Judge agents are fundamental to agentic AI frameworks: they provide automated evaluation, and enable iterative self-refinement of reasoning processes. We introduce JAF: Judge Agent Forest, a framework in which the judge agent conducts joint inference across a cohort of query--response pairs generated by a primary agent, rather than evaluating each in isolation. This paradigm elevates the judge from a local evaluator to a holistic learner: by simultaneously assessing related responses, the judge discerns cross-instance patterns and inconsistencies, whose aggregate feedback enables the primary agent to improve by viewing its own outputs through the judge's collective perspective. Conceptually, JAF bridges belief propagation and ensemble-learning principles: overlapping in-context neighborhoods induce a knowledge-graph structure that facilitates propagation of critique, and repeated, randomized evaluations yield a robust ensemble of context-sensitive judgments.

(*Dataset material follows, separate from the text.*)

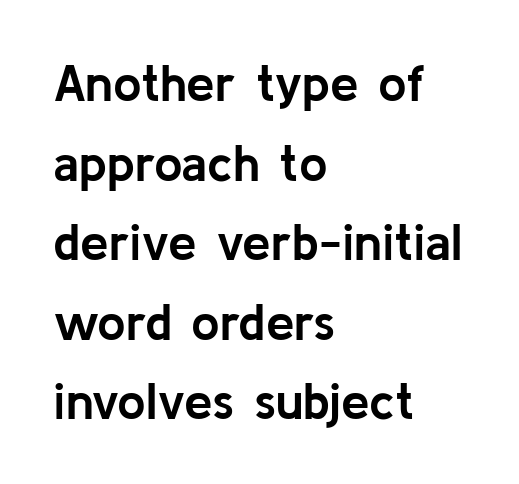
The glyphs are unaccompanied by any horizontal stroke below them. Quick note: interline space is typical. The lines in this sample share a left origin and differ only in where they stop. The letters carry no serifs — their stems end cleanly without finishing strokes. Varying glyph widths throughout — classic text-font behaviour.
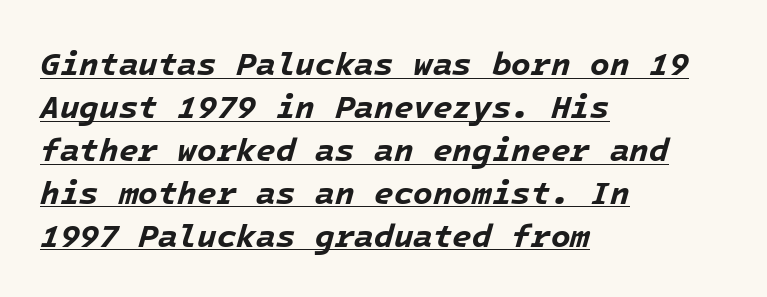
{"italic": "yes", "lean": "right", "slant_degrees": 16, "bold": "yes", "weight": "bold", "width": "normal", "stroke_contrast": "low", "x_height": "medium", "underline": "yes", "align": "left", "line_spacing": "normal", "line_spacing_ratio": 1.34, "letter_spacing": "normal", "letter_spacing_em": 0.0, "glyph_px": 32}

JAF can be instantiated entirely via ICL, with the judge prompted for each query using its associated primary-agent response plus a small, possibly noisy set of peer exemplars. While kNN in embedding space is a natural starting point for exemplars, this approach overlooks categorical structure, domain metadata, or nuanced distinctions accessible to modern LLMs. To overcome these limitations, we develop a flexible locality-sensitive hashing (LSH) algorithm that learns informative binary codes by integrating semantic embeddings, LLM-driven hash predicates, supervision from categorical labels, and relevant side information. These hash codes support efficient, interpretable, and relation-aware selection of diverse exemplars, and further optimize exploration of CoT reasoning paths. We validate JAF with an empirical study on the demanding task of cloud misconfigs triage in large-scale cloud environments.